Nummer: 07/1318/SGA
Betreft: [klager] datum: 25 mei 2007
De voorzitter van de beroepscommissie als bedoeld in artikel 69, tweede lid, van de Penitentiaire beginselenwet (Pbw) heeft kennisgenomen van een bij het secretariaat van de Raad ingekomen verzoekschrift, ingediend door mr. E.R. Weening, namens
[...], verder verzoeker te noemen, verblijvende in de locatie Stadsgevangenis te Rotterdam.
Verzoeker vraagt om schorsing, met toepassing van artikel 66, eerste lid Pbw, van de (verdere) tenuitvoerlegging van de beslissing van de directeur van voormelde locatie van 20 mei 2007, inhoudende de verlenging met veertien dagen van een op 13 mei
2007
opgelegd ordemaatregel. De verlenging is ingegaan op 20 mei 2007 en eindigt op 3 juni 2007. Reden voor de verlening van de eerder opgelegde ordemaatregel is dat er tijdens een onderzoek in verzoekers verblijfsruimte belastende papieren zijn
aangetroffen
die betrekking hebben op een personeelslid. Naar aanleiding daarvan is onderzoek noodzakelijk.

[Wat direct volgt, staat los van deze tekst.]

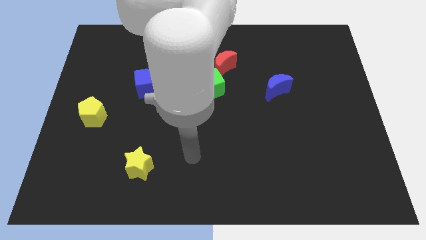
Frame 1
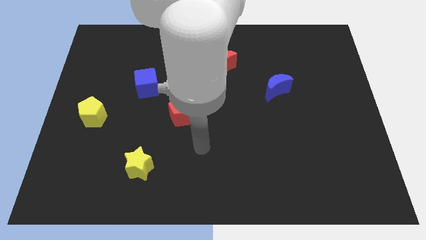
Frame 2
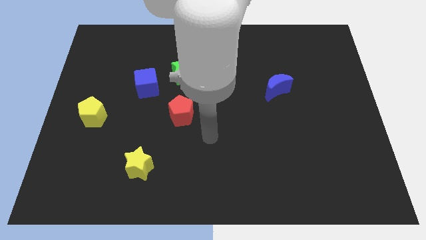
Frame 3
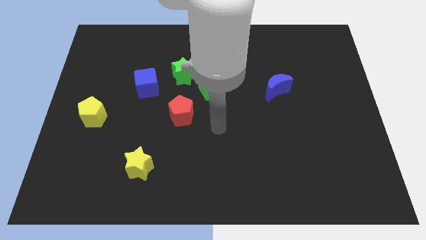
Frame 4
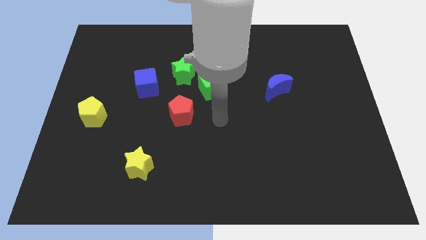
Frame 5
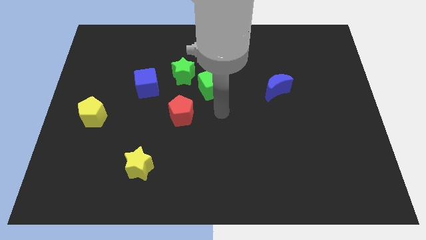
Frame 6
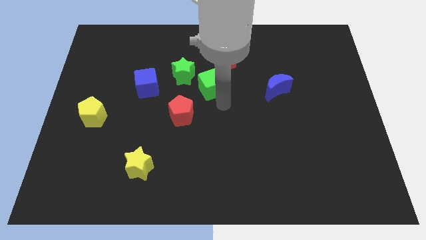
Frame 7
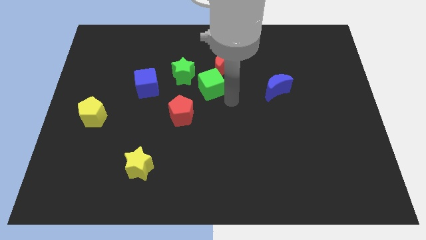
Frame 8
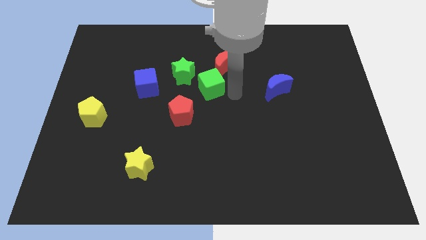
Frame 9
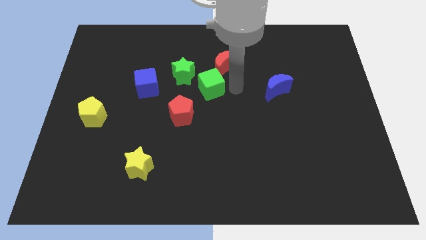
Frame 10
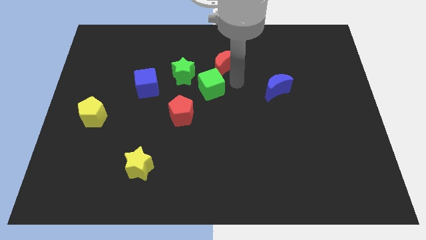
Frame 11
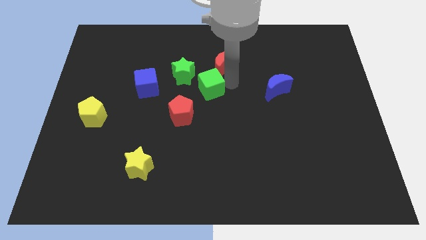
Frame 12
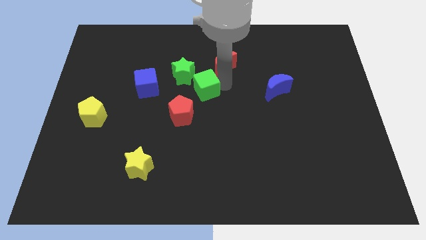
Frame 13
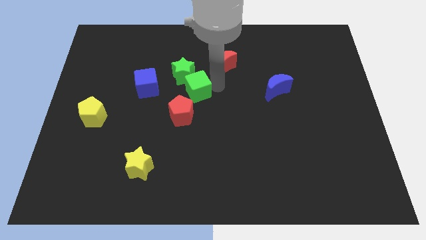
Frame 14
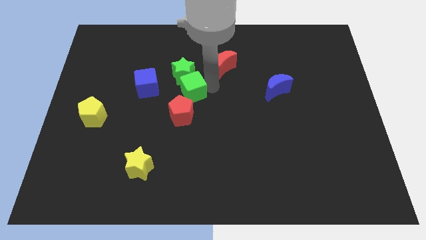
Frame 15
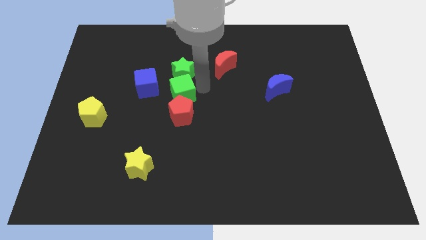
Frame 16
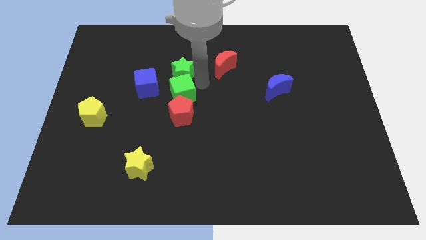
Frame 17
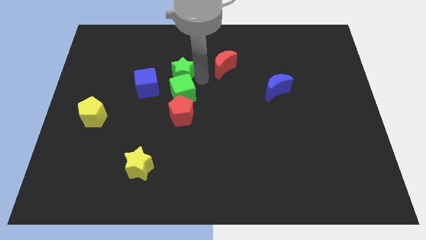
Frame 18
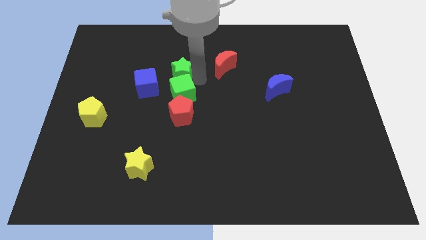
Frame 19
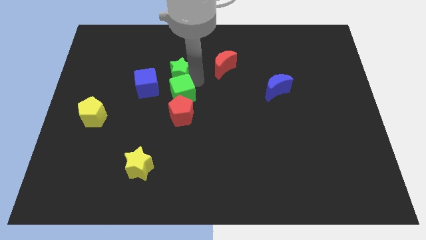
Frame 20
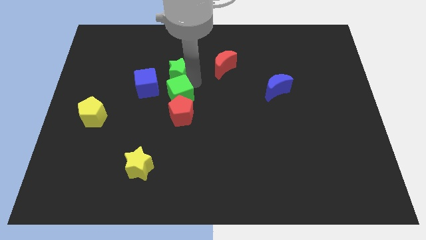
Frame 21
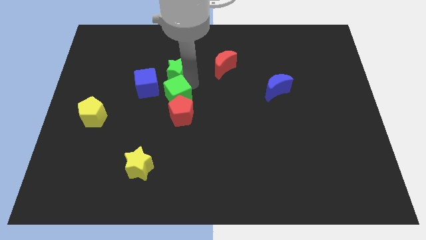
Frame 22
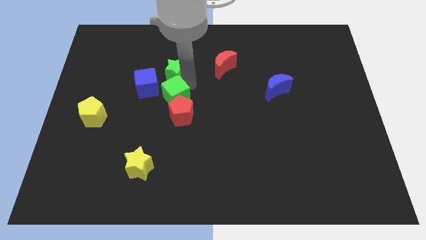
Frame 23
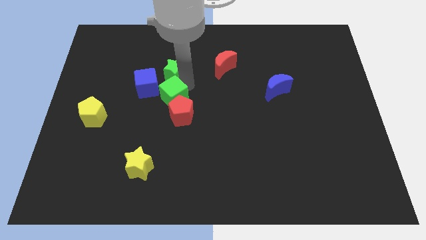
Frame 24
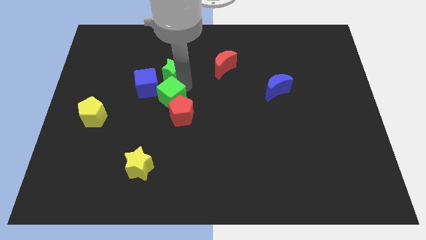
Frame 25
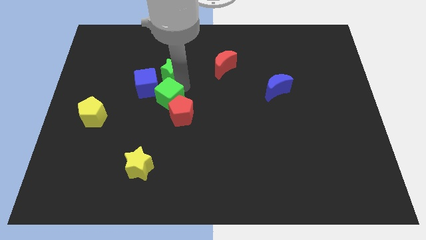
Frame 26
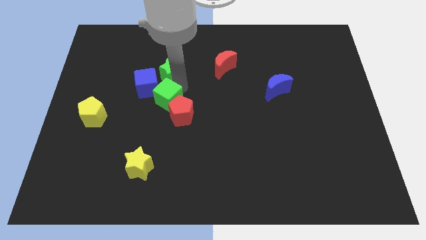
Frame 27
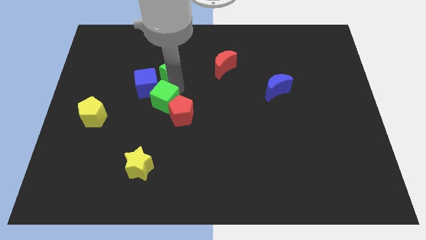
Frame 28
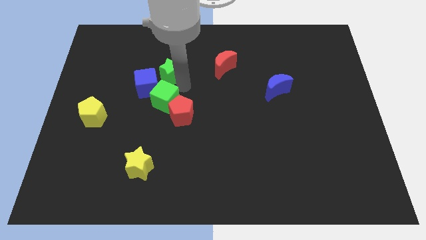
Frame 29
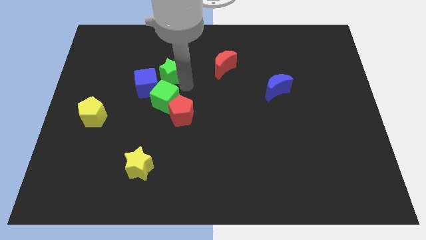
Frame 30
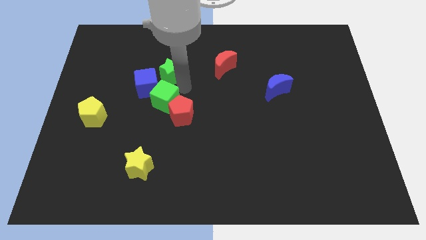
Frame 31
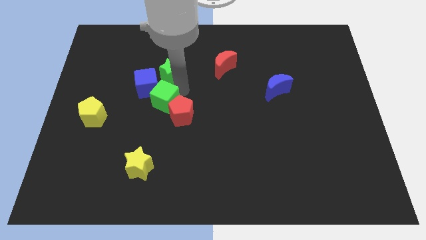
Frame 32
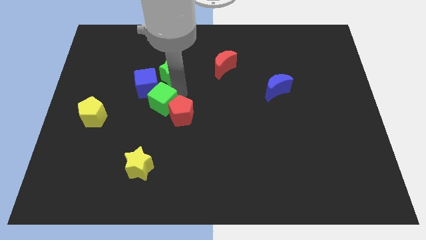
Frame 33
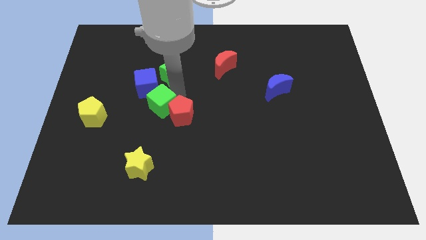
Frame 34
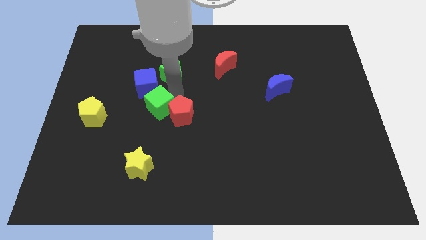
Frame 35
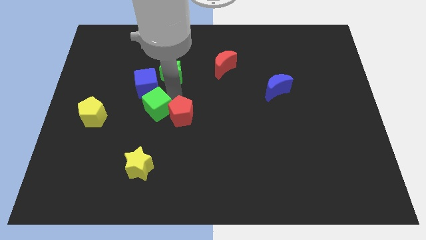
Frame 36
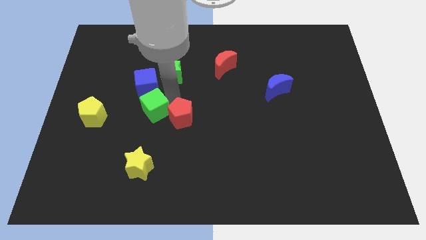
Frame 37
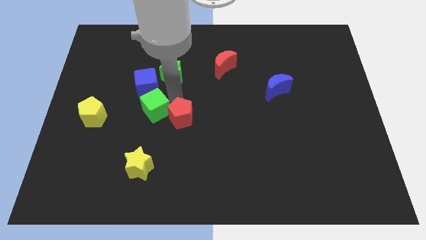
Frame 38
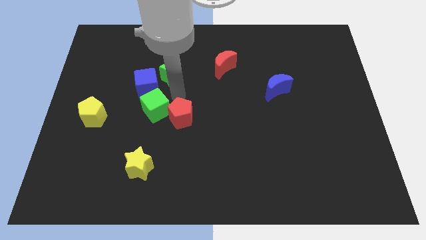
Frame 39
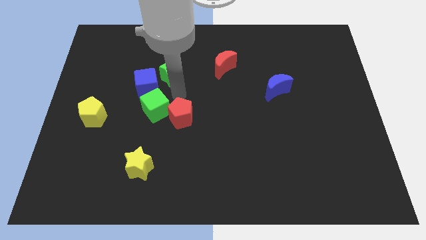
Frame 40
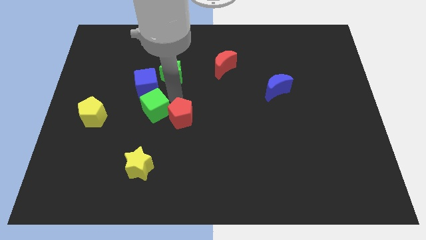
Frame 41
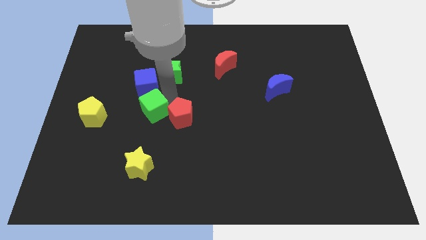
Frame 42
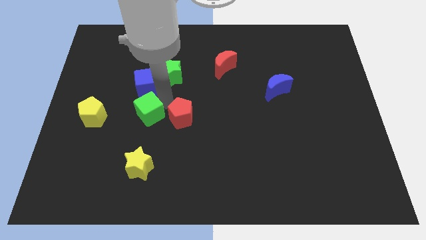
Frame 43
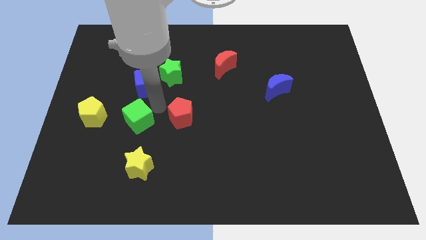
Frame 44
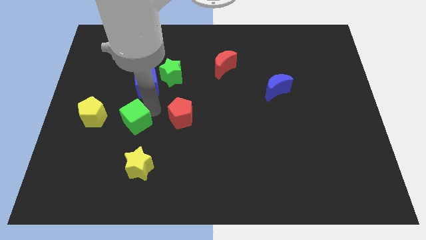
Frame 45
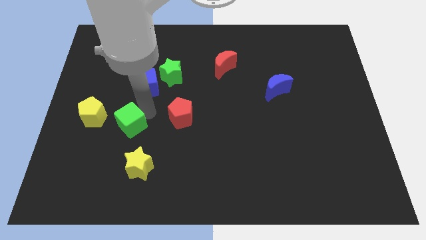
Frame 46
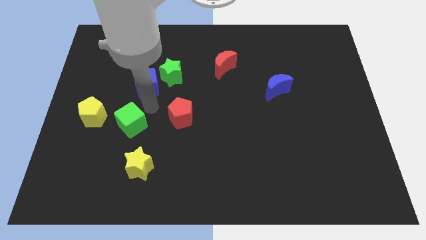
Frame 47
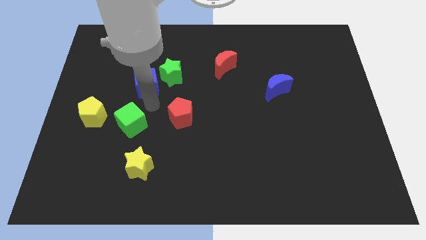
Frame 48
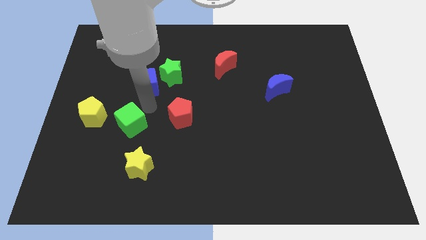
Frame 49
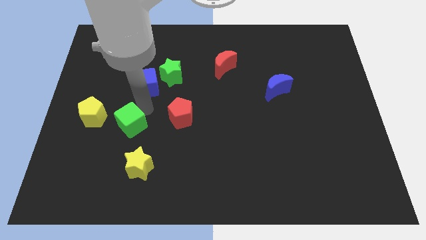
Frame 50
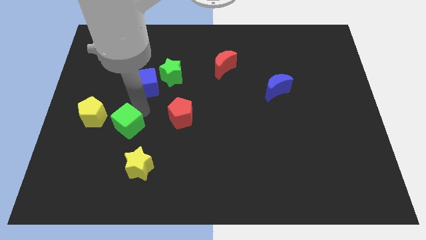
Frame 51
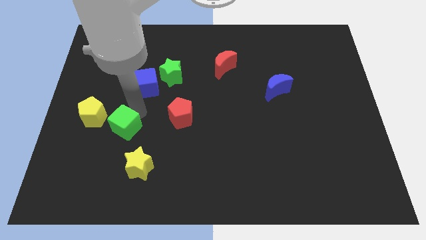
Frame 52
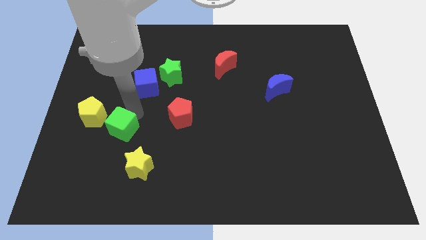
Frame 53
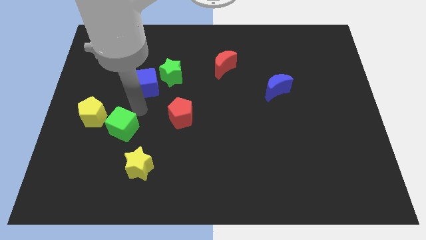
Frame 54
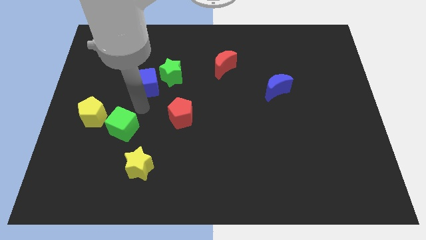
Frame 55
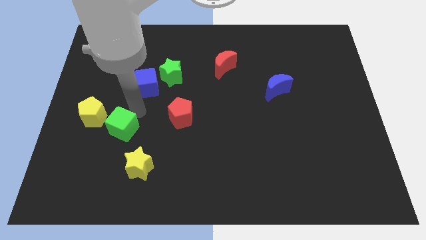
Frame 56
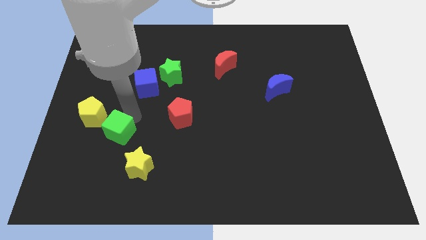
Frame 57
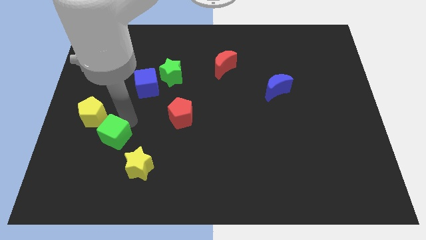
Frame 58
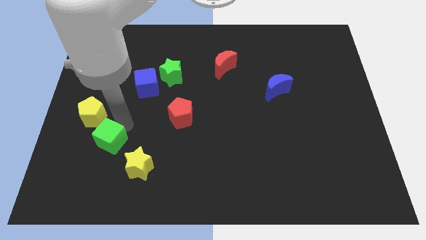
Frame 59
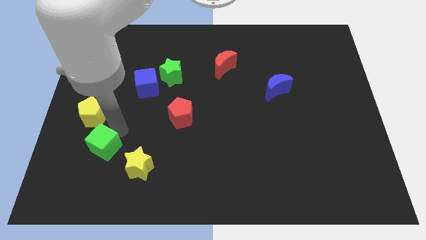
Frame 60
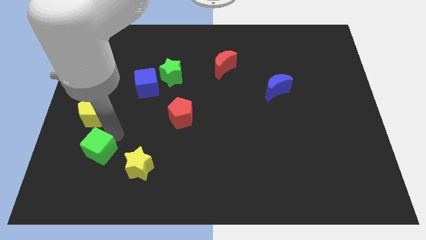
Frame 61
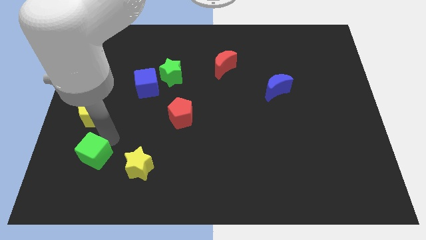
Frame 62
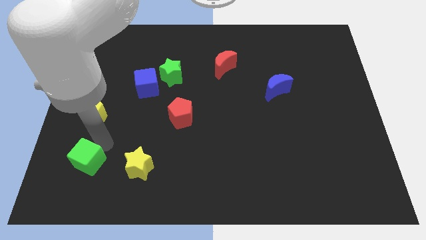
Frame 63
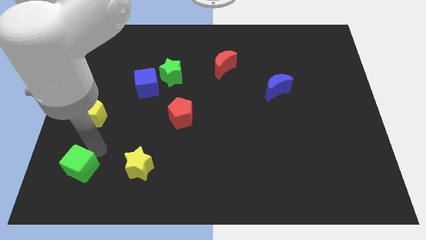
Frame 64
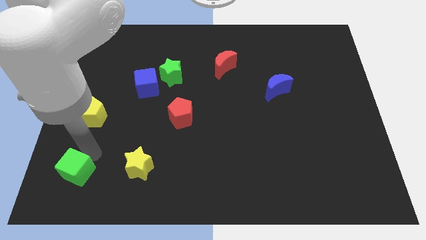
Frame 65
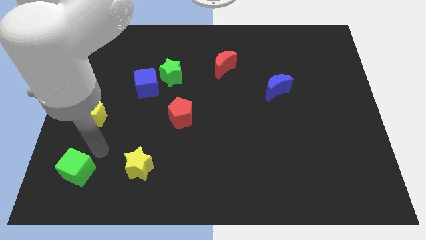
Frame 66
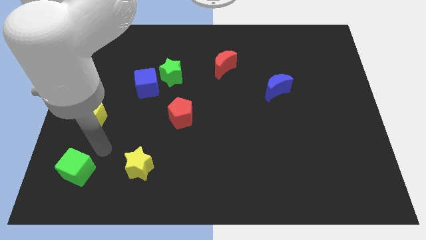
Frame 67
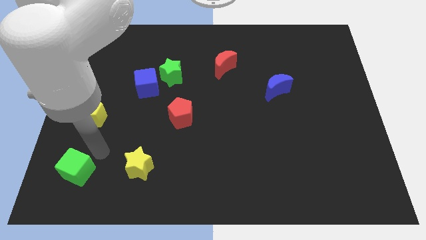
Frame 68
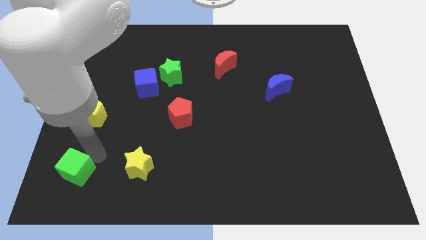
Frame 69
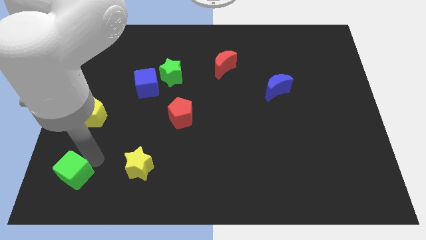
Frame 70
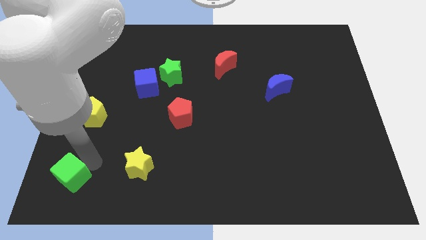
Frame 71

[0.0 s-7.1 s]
slide the green cube to the bottom left corner

De voorzitter heeft voorts kennisgenomen van het klaagschrift d.d. 23 mei 2007 alsmede van de schriftelijke inlichtingen van de directeur d.d. 24 mei 2007.

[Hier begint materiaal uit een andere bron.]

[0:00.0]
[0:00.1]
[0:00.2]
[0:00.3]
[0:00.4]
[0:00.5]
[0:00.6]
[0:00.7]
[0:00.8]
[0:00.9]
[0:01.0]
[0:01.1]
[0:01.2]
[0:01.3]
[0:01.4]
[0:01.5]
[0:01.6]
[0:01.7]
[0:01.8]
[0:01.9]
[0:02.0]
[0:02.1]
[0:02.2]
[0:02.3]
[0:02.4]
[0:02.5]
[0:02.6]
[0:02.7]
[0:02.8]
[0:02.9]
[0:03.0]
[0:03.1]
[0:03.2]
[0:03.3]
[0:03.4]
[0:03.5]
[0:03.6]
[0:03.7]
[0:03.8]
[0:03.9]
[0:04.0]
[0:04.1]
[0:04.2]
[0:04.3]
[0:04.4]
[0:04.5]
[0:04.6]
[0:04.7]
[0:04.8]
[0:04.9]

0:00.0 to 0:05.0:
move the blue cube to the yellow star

1. De standpunten van verzoeker en van de directeur
Door en namens verzoeker is aangevoerd dat er sprake is van een conflict tussen een personeelslid en de directeur en dat klager daar de dupe van wordt. Een plaatsing in een afzonderingscel is in dit geval een te zwaar middel, mogelijk had kunnen worden
volstaan met afzondering in de eigen cel. Daarnaast geldt dat aan verzoeker is medegedeeld dat hij afgezonderd zou blijven tot hij gaat praten. Daardoor wordt deze maatregel een ongeoorloofd pressiemiddel
Uit de inlichtingen van de directeur komt onder meer het volgende naar voren. Bij gelegenheid van een celcontrole en fouillering is bij verzoeker een briefje met daarop het geheime telefoonnummer van een medewerker van de inrichting aangetroffen. Dit
levert een inbreuk op de orde en veiligheid op. Verzoeker is in het kader van onderzoek in afzondering geplaatst. Hij is in een afzonderingscel geplaatst omdat hij in een meerpersoonscel verblijft zodat volledige afzondering daar niet realiseerbaar is.
De recherche doet momenteel onderzoek naar één en ander. Lopende dat onderzoek zijn details naar voren gekomen die een verlenging noodzakelijk maken.
2. De beoordeling
Naar aanleiding van een voorval op 13 mei 2007 is verzoeker in een afzonderingscel geplaatst voor het kunnen doen van onderzoek naar dat voorval. De geldigheidsduur van die ordemaatregel is op 20 mei 2007 voor veertien dagen verlengd. Nu uit de
bestreffende beslissing niet blijkt dat verzoeker – voorafgaande aan het nemen van die beslissing – is gehoord en niet blijkt van een nieuwe belangenafweging ten aanzien van de noodzaak van voortduring van de ordemaatregel, zijn er termen aanwezig voor
toewijzing van het verzoek,
3. De uitspraak
De voorzitter wijst het verzoek toe en schorst de tenuitvoerlegging van de bestreden beslissing van de directeur.
Aldus gedaan door mr. A. van Waarden, voorzitter, in tegenwoordigheid van mr. H.M.J.D. Maes, secretaris, op 25 mei 2007.